Understand that "your the guy" that might know where I could finde a pair ?
Thank you.  Wes
​


----------



## bud poe (Nov 19, 2022)

wes holliday said:


> Hello Blue Streak.
> I have a 1903 Tribune, looking for a set of pedals.
> Understand that "your the guy" that might know where I could finde a pair ?
> Thank you.  Wes
> ​




@Blue Streak I’m also the lucky custodian of a Tribune (which you helped me ID, much appreciated) that needs pedals.  I’ve made reproduction cages of another design in the past and I’d like to be able to make a set of tribune pedals, at least the cages if not the spindles as well.   It would be cool to be able to offer these up to the hobby as pedals seem to be scarce for these early machines.  Would love to buy or borrow a set to use as patterns.  PM me if you can help.  Thanks all (not my intention to hijack the thread)


----------



## wes holliday (Nov 19, 2022)

If I have any luck with my pedel hunt ,then will send you one as a pattern.
Thank you.


----------



## bud poe (Nov 19, 2022)

wes holliday said:


> If I have any luck with my pedel hunt ,then will send you one as a pattern.
> Thank you.



That would be swell, thanks @wes holliday !


----------



## Blue Streak (Nov 20, 2022)

wes holliday said:


> Hello Blue Streak.
> I have a 1903 Tribune, looking for a set of pedals.
> Understand that "your the guy" that might know where I could finde a pair ?
> Thank you.  Wes
> ​



Wes,

I am also in need of several pairs of Tribune pedals.
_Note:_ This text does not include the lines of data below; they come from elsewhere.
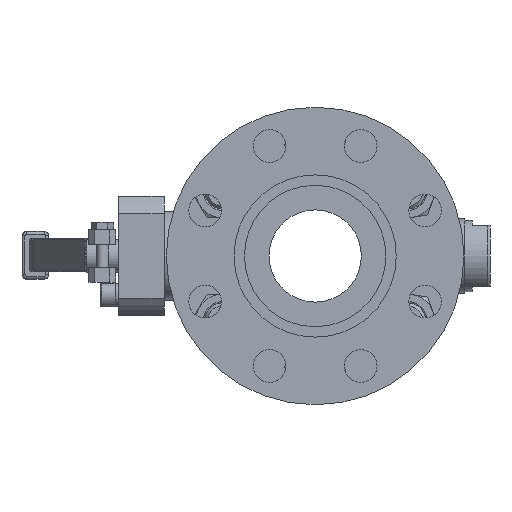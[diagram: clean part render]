
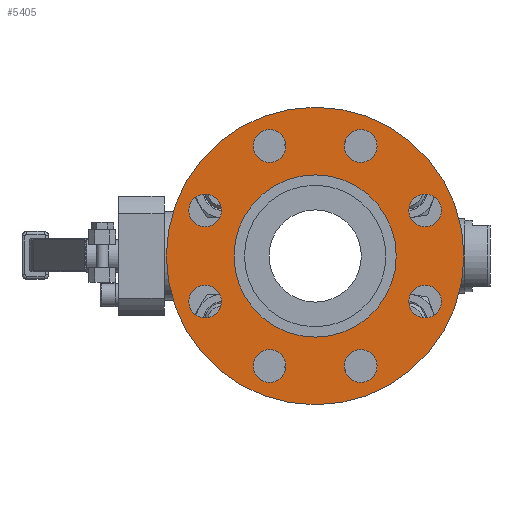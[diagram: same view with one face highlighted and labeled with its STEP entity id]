
A CAD part, left-side view. The second image highlights one B-rep face of the part: STEP entity #5405.
In plain terms, the highlighted face is planar.
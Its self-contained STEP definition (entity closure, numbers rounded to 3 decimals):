
#5405=ADVANCED_FACE('',(#11296,#11298,#11300,#11302,#11304,#11306,#11308,#11310,
#11312,#11314),#11316,.F.);
#11296=FACE_BOUND('',#11297,.T.);
#11297=EDGE_LOOP('',(#15400));
#11298=FACE_BOUND('',#11299,.T.);
#11299=EDGE_LOOP('',(#15401));
#11300=FACE_BOUND('',#11301,.T.);
#11301=EDGE_LOOP('',(#15402));
#11302=FACE_BOUND('',#11303,.T.);
#11303=EDGE_LOOP('',(#15403));
#11304=FACE_BOUND('',#11305,.T.);
#11305=EDGE_LOOP('',(#15404));
#11306=FACE_BOUND('',#11307,.T.);
#11307=EDGE_LOOP('',(#15405));
#11308=FACE_BOUND('',#11309,.T.);
#11309=EDGE_LOOP('',(#15406));
#11310=FACE_BOUND('',#11311,.T.);
#11311=EDGE_LOOP('',(#15407));
#11312=FACE_BOUND('',#11313,.T.);
#11313=EDGE_LOOP('',(#15408));
#11314=FACE_BOUND('',#11315,.T.);
#11315=EDGE_LOOP('',(#15409));
#11316=PLANE('',#11317);
#11317=AXIS2_PLACEMENT_3D('',#11318,#11319,#11320);
#11318=CARTESIAN_POINT('',(-165.,0.,0.));
#11319=DIRECTION('',(-1.,0.,0.));
#11320=DIRECTION('',(0.,0.,1.));
#15400=ORIENTED_EDGE('',*,*,#17175,.F.);
#15401=ORIENTED_EDGE('',*,*,#17176,.F.);
#15402=ORIENTED_EDGE('',*,*,#17177,.F.);
#15403=ORIENTED_EDGE('',*,*,#17178,.F.);
#15404=ORIENTED_EDGE('',*,*,#17179,.F.);
#15405=ORIENTED_EDGE('',*,*,#17180,.F.);
#15406=ORIENTED_EDGE('',*,*,#17181,.F.);
#15407=ORIENTED_EDGE('',*,*,#17182,.F.);
#15408=ORIENTED_EDGE('',*,*,#17183,.F.);
#15409=ORIENTED_EDGE('',*,*,#17235,.T.);
#17175=EDGE_CURVE('',#19630,#19630,#19631,.T.);
#17176=EDGE_CURVE('',#19632,#19632,#19633,.F.);
#17177=EDGE_CURVE('',#19634,#19634,#19635,.F.);
#17178=EDGE_CURVE('',#19636,#19636,#19637,.F.);
#17179=EDGE_CURVE('',#19638,#19638,#19639,.F.);
#17180=EDGE_CURVE('',#19640,#19640,#19641,.F.);
#17181=EDGE_CURVE('',#19642,#19642,#19643,.F.);
#17182=EDGE_CURVE('',#19644,#19644,#19645,.F.);
#17183=EDGE_CURVE('',#19646,#19646,#19647,.F.);
#17235=EDGE_CURVE('',#19714,#19714,#19715,.T.);
#19630=VERTEX_POINT('',#33741);
#19631=CIRCLE('',#33742,100.);
#19632=VERTEX_POINT('',#33746);
#19633=CIRCLE('',#33747,11.);
#19634=VERTEX_POINT('',#33751);
#19635=CIRCLE('',#33752,11.);
#19636=VERTEX_POINT('',#33756);
#19637=CIRCLE('',#33757,11.);
#19638=VERTEX_POINT('',#33761);
#19639=CIRCLE('',#33762,11.);
#19640=VERTEX_POINT('',#33766);
#19641=CIRCLE('',#33767,11.);
#19642=VERTEX_POINT('',#33771);
#19643=CIRCLE('',#33772,11.);
#19644=VERTEX_POINT('',#33776);
#19645=CIRCLE('',#33777,11.);
#19646=VERTEX_POINT('',#33781);
#19647=CIRCLE('',#33782,11.);
#19714=VERTEX_POINT('',#34005);
#19715=CIRCLE('',#34006,54.5);
#33741=CARTESIAN_POINT('',(-165.,0.,100.));
#33742=AXIS2_PLACEMENT_3D('',#33743,#33744,#33745);
#33743=CARTESIAN_POINT('',(-165.,0.,0.));
#33744=DIRECTION('',(1.,0.,0.));
#33745=DIRECTION('',(0.,0.,1.));
#33746=CARTESIAN_POINT('',(-165.,-19.615,73.91));
#33747=AXIS2_PLACEMENT_3D('',#33748,#33749,#33750);
#33748=CARTESIAN_POINT('',(-165.,-30.615,73.91));
#33749=DIRECTION('',(1.,0.,0.));
#33750=DIRECTION('',(0.,1.,0.));
#33751=CARTESIAN_POINT('',(-165.,41.615,73.91));
#33752=AXIS2_PLACEMENT_3D('',#33753,#33754,#33755);
#33753=CARTESIAN_POINT('',(-165.,30.615,73.91));
#33754=DIRECTION('',(1.,0.,0.));
#33755=DIRECTION('',(0.,1.,0.));
#33756=CARTESIAN_POINT('',(-165.,-62.91,30.615));
#33757=AXIS2_PLACEMENT_3D('',#33758,#33759,#33760);
#33758=CARTESIAN_POINT('',(-165.,-73.91,30.615));
#33759=DIRECTION('',(1.,0.,0.));
#33760=DIRECTION('',(0.,1.,0.));
#33761=CARTESIAN_POINT('',(-165.,-19.615,-73.91));
#33762=AXIS2_PLACEMENT_3D('',#33763,#33764,#33765);
#33763=CARTESIAN_POINT('',(-165.,-30.615,-73.91));
#33764=DIRECTION('',(1.,0.,0.));
#33765=DIRECTION('',(0.,1.,0.));
#33766=CARTESIAN_POINT('',(-165.,84.91,-30.615));
#33767=AXIS2_PLACEMENT_3D('',#33768,#33769,#33770);
#33768=CARTESIAN_POINT('',(-165.,73.91,-30.615));
#33769=DIRECTION('',(1.,0.,0.));
#33770=DIRECTION('',(0.,1.,0.));
#33771=CARTESIAN_POINT('',(-165.,-62.91,-30.615));
#33772=AXIS2_PLACEMENT_3D('',#33773,#33774,#33775);
#33773=CARTESIAN_POINT('',(-165.,-73.91,-30.615));
#33774=DIRECTION('',(1.,0.,0.));
#33775=DIRECTION('',(0.,1.,0.));
#33776=CARTESIAN_POINT('',(-165.,41.615,-73.91));
#33777=AXIS2_PLACEMENT_3D('',#33778,#33779,#33780);
#33778=CARTESIAN_POINT('',(-165.,30.615,-73.91));
#33779=DIRECTION('',(1.,0.,0.));
#33780=DIRECTION('',(0.,1.,0.));
#33781=CARTESIAN_POINT('',(-165.,84.91,30.615));
#33782=AXIS2_PLACEMENT_3D('',#33783,#33784,#33785);
#33783=CARTESIAN_POINT('',(-165.,73.91,30.615));
#33784=DIRECTION('',(1.,0.,0.));
#33785=DIRECTION('',(0.,1.,0.));
#34005=CARTESIAN_POINT('',(-165.,0.,54.5));
#34006=AXIS2_PLACEMENT_3D('',#34007,#34008,#34009);
#34007=CARTESIAN_POINT('',(-165.,0.,0.));
#34008=DIRECTION('',(1.,0.,0.));
#34009=DIRECTION('',(0.,0.,1.));

Keep eyes on CABE classified, eBay or at swap meets.

Jeff


----------



## Blue Streak (Nov 20, 2022)

bud poe said:


> @Blue Streak I’m also the lucky custodian of a Tribune (which you helped me ID, much appreciated) that needs pedals.  I’ve made reproduction cages of another design in the past and I’d like to be able to make a set of tribune pedals, at least the cages if not the spindles as well.   It would be cool to be able to offer these up to the hobby as pedals seem to be scarce for these early machines.  Would love to buy or borrow a set to use as patterns.  PM me if you can help.  Thanks all (not my intention to hijack the thread)



Sent you a PM.


----------